The TextExtraction class enables you to define a set of elements to extract from various content sources, including plain text, images, PDF documents, HTML files, and Microsoft Office formats (DOCX, XLSX, PPTX). It leverages a language model to parse the content and extract the specified elements into structured data.

For a complete list of supported file formats, see the Attachment class documentation.

Key Features

  • Define extraction elements with names, types, and descriptions
  • Extract from text, images, PDFs, and Office documents
  • Support for various data types (string, integer, decimal, boolean, date, enum, arrays)
  • Optional OCR engine integration for scanned documents
  • Guidance text to improve extraction accuracy
  • JSON output with structured results

Typical Workflow

  1. Create a TextExtraction instance with a language model
  2. Define elements to extract using Elements
  3. Set the content source using SetContent(string) or similar methods
  4. Call Parse(CancellationToken) to extract the data
  5. Access results via TextExtractionResult

Constructors

TextExtraction(LM)

Initializes a new instance of the TextExtraction class with the specified language model.

Fields

Description

Gets or sets the description for the current extraction schema. This value is automatically populated from the schema's "description" field when calling SetElementsFromJsonSchema(string).

Title

Gets or sets the title for the current extraction schema.

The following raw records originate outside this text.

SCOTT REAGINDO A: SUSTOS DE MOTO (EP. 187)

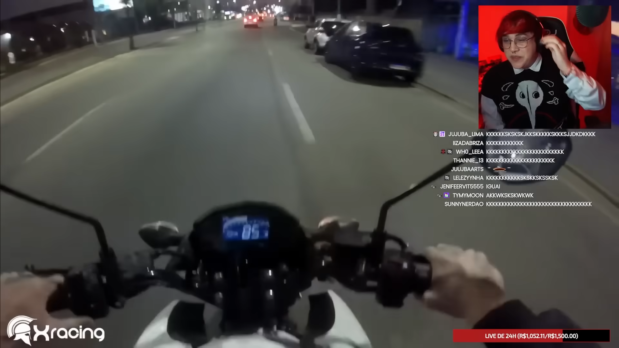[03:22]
Mano, caralho Nossa senhora É Se você Se você quer ir pra direita Você não tem que tá na faixa da esquerda
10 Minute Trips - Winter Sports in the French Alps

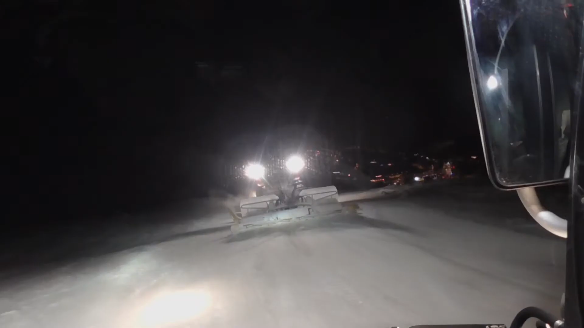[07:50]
Seat belts were a must as we descended again, really getting a feel for how steep the slopes actually are.

This value is automatically populated from the schema's "title" field when calling SetElementsFromJsonSchema(string).

Properties

Elements

Gets or sets the list of TextExtractionElement instances that define which elements to extract from the content.

Guidance

Gets or sets semantic guidance for the extraction process.

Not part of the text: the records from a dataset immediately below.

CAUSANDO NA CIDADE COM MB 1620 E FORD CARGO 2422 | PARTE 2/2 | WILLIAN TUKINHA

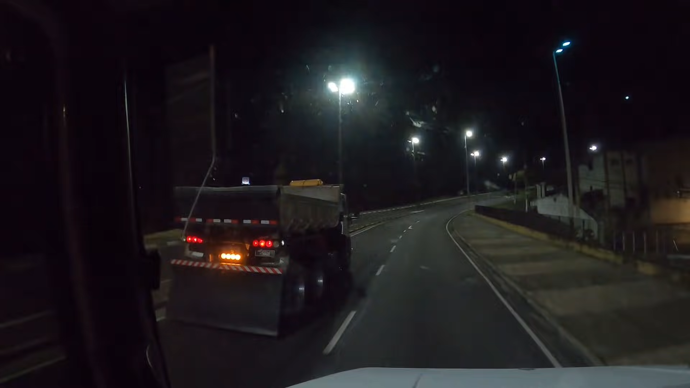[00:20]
Meu Deus do céu, quem mora nesse lugar, nesse momento, deve estar amando o Thiago Se soubesse onde ele mora, o pessoal vai jogar uma bomba no caminhão dele
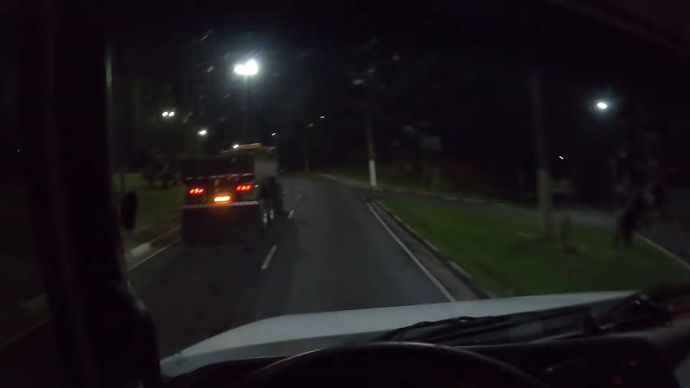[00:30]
Música Ai meu Deus do céu, fala tubarãozada, Willian Tuquinha na área
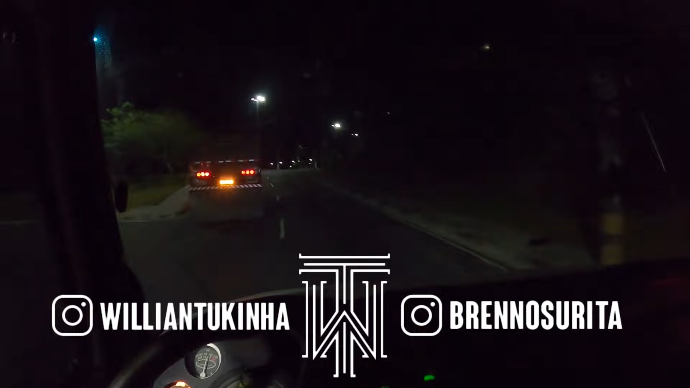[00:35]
Começando mais um videozão aqui no canal, estamos na companhia do Thiago Como vocês já viram,
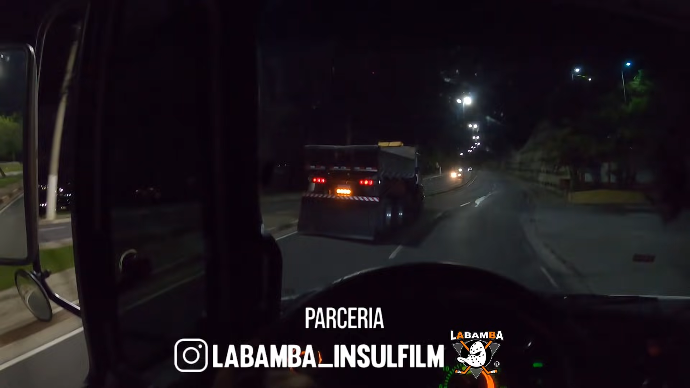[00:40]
quase não deu para perceber O tiozinho ali do 1620, olha lá,
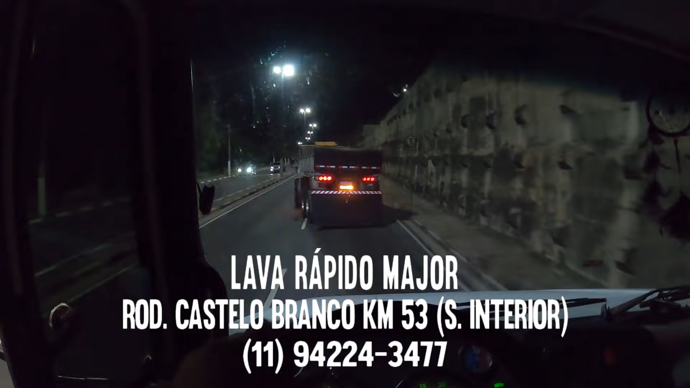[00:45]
está fazendo gracinha Ai, chama
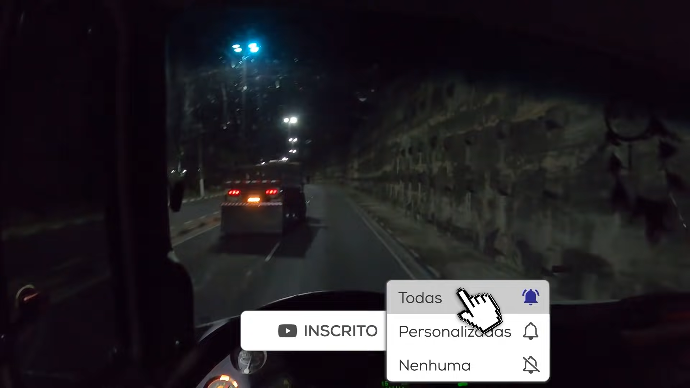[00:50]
O tiozinho ali do 1620 Prato também está com nós Na retaguarda ali

HumanVerificationThreshold

Gets or sets the confidence threshold below which HumanVerificationRequired is set to true.

JsonSchema

Gets the JSON schema representation of the extraction elements.

MaximumContextLength

Gets or sets the maximum context length (in tokens) allowed for the language model during text extraction.

Model

Gets the language model instance used to drive the extraction process.

NullOnDoubt

Gets or sets a value indicating whether the language model should return null for uncertain content rather than risk an aggressive extraction that could lead to false positives.

OcrEngine

Gets or sets an optional OcrEngine used to perform traditional OCR on raster content.

PreferredInferenceModality

Gets or sets the preferred modality for inference. This determines whether text, image, or both modalities are used when processing input. Defaults to Multimodal.

Methods

ClearContent()

Removes all previously set input (both text and attachments) so that no content remains for extraction.

Parse(CancellationToken)

Parses the content synchronously to extract the defined elements.

ParseAsync(CancellationToken)

Parses the content asynchronously to extract the defined elements.

SchemaDiscovery(CancellationToken)

Discovers an optimal JSON Schema for the current input content.

SchemaDiscoveryAsync(CancellationToken)

Asynchronously discovers an optimal JSON Schema for the current input content.

SetContent(Attachment)

Adds all pages of an attachment to be processed for data extraction.

SetContent(Attachment, int)

Adds a specific page of an attachment to be processed for data extraction.

SetContent(Attachment, string)

Adds specified pages of an attachment to be processed for data extraction.

SetContent(ImageBuffer)

Sets the content for extraction from the specified image buffer.

SetContent(IEnumerable<Attachment>)

Adds multiple attachments to be processed for data extraction.

SetContent(string)

Sets the text content from which elements will be extracted.

SetElementsFromJsonSchema(string)

Configures the text extraction elements by parsing a JSON schema.

Events

Progress

Occurs when the extraction operation makes progress, including phase transitions and pass completions.